Extracted entries START

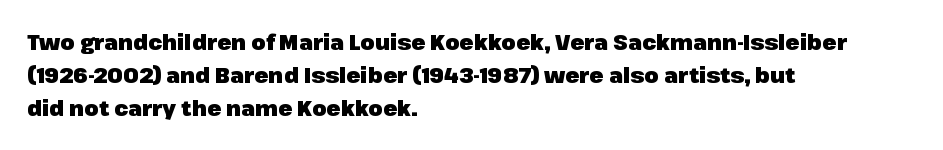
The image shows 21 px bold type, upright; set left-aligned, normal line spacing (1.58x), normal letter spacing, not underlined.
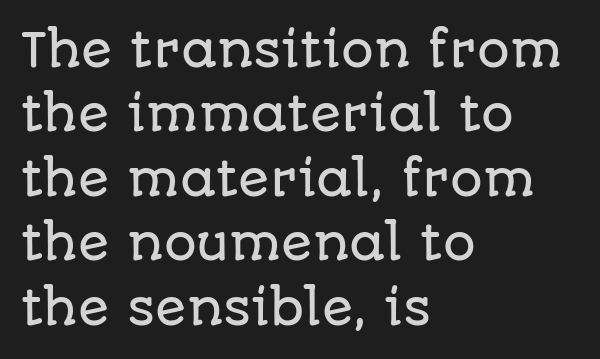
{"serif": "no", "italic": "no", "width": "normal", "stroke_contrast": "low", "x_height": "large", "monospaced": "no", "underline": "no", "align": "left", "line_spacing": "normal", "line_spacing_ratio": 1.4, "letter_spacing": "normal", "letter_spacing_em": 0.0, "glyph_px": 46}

Extracted entries END
Extracted entries START

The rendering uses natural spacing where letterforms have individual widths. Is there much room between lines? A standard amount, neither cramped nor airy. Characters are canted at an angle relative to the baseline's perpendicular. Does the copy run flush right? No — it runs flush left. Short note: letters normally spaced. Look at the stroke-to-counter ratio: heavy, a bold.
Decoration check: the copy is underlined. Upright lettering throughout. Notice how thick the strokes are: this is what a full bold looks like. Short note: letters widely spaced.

Extracted entries END

— What this task involves —
Only the lines that contain the string "bold" should be copied from the entries above.

— Response to this task —
The image shows 21 px bold type, upright; set left-aligned, normal line spacing (1.58x), normal letter spacing, not underlined.
The rendering uses natural spacing where letterforms have individual widths. Is there much room between lines? A standard amount, neither cramped nor airy. Characters are canted at an angle relative to the baseline's perpendicular. Does the copy run flush right? No — it runs flush left. Short note: letters normally spaced. Look at the stroke-to-counter ratio: heavy, a bold.
Decoration check: the copy is underlined. Upright lettering throughout. Notice how thick the strokes are: this is what a full bold looks like. Short note: letters widely spaced.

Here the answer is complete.